# Action item
Word for word, restate all the records; images are not part of the copy.

# Data for the task
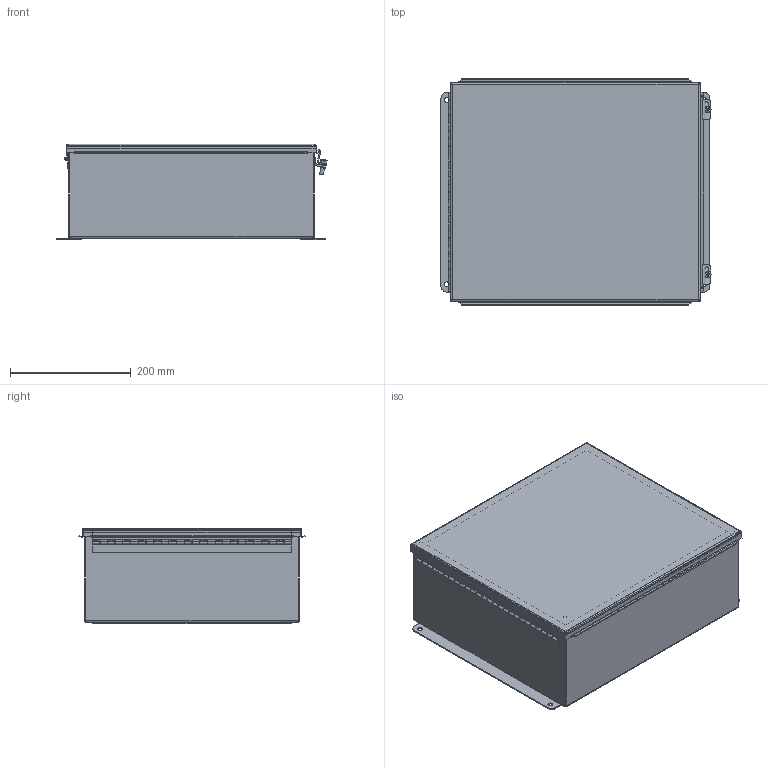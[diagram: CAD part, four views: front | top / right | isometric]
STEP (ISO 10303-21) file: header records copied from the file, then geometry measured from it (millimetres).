
FILE_DESCRIPTION(/* description */ ('JIC,CH,H/SHORT SIDE,16X14X6'),/* implementation_level */ '2;1');
FILE_NAME(/* name */ 'B161406CHS.stp',/* time_stamp */ '2021-10-23T15:50:58-05:00',/* author */ ('DN'),/* organization */ (''),/* preprocessor_version */ 'ST-DEVELOPER v18',/* originating_system */ 'Autodesk Inventor 2020',/* authorisation */ '');
FILE_SCHEMA (('AUTOMOTIVE_DESIGN { 1 0 10303 214 3 1 1 }'));
Length unit declared in the file: inch
Products named in the file (14): B161406CHS; 3499; 3486; C1001; C1002; 372134; B_161406_SBKP; 328124; 328124LH; 328124P; 328124TH; 316169 (14x16); 38811; B_1614CHS_LID
Assembly tree (21 placements, depth 3):
  B161406CHS
    3499  x4
    3486  x2
    C1001  x2
    C1002  x2
    372134  x2
    B_161406_SBKP
    328124
      328124LH
      328124P
      328124TH
    316169 (14x16)  x2
    38811
    B_1614CHS_LID
Bounding box: 446.54 x 373.82 x 157.84 mm (x, y, z)
Volume: 1029115.9 mm3; surface area: 1286133.9 mm2
Topology: 20 solids, 20 shells, 525 faces, 1329 edges, 853 vertices
Faces by surface type: plane 331, cylinder 139, bspline 46, sphere 4, cone 3, torus 2
Full cylindrical faces by diameter (mm): 2.54 x1, 2.957 x26, 3.556 x2, 3.962 x4, 4.826 x1, 4.978 x2, 6.35 x3, 7.62 x4, 7.874 x4, 8.738 x2, 10.402 x2, 15.875 x4
Entity records: 14348 total; most frequent: CARTESIAN_POINT 3265, ORIENTED_EDGE 2134, DIRECTION 2052, EDGE_CURVE 1067, LINE 782, VECTOR 782, VERTEX_POINT 675, AXIS2_PLACEMENT_3D 635

# The completed task
[diagram: CAD part, four views: front | top / right | isometric]
STEP (ISO 10303-21) file: header records copied from the file, then geometry measured from it (millimetres).
FILE_DESCRIPTION(/* description */ ('JIC,CH,H/SHORT SIDE,16X14X6'),/* implementation_level */ '2;1');
FILE_NAME(/* name */ 'B161406CHS.stp',/* time_stamp */ '2021-10-23T15:50:58-05:00',/* author */ ('DN'),/* organization */ (''),/* preprocessor_version */ 'ST-DEVELOPER v18',/* originating_system */ 'Autodesk Inventor 2020',/* authorisation */ '');
FILE_SCHEMA (('AUTOMOTIVE_DESIGN { 1 0 10303 214 3 1 1 }'));
Length unit declared in the file: inch
Products named in the file (14): B161406CHS; 3499; 3486; C1001; C1002; 372134; B_161406_SBKP; 328124; 328124LH; 328124P; 328124TH; 316169 (14x16); 38811; B_1614CHS_LID
Assembly tree (21 placements, depth 3):
  B161406CHS
    3499  x4
    3486  x2
    C1001  x2
    C1002  x2
    372134  x2
    B_161406_SBKP
    328124
      328124LH
      328124P
      328124TH
    316169 (14x16)  x2
    38811
    B_1614CHS_LID
Bounding box: 446.54 x 373.82 x 157.84 mm (x, y, z)
Volume: 1029115.9 mm3; surface area: 1286133.9 mm2
Topology: 20 solids, 20 shells, 525 faces, 1329 edges, 853 vertices
Faces by surface type: plane 331, cylinder 139, bspline 46, sphere 4, cone 3, torus 2
Full cylindrical faces by diameter (mm): 2.54 x1, 2.957 x26, 3.556 x2, 3.962 x4, 4.826 x1, 4.978 x2, 6.35 x3, 7.62 x4, 7.874 x4, 8.738 x2, 10.402 x2, 15.875 x4
Entity records: 14348 total; most frequent: CARTESIAN_POINT 3265, ORIENTED_EDGE 2134, DIRECTION 2052, EDGE_CURVE 1067, LINE 782, VECTOR 782, VERTEX_POINT 675, AXIS2_PLACEMENT_3D 635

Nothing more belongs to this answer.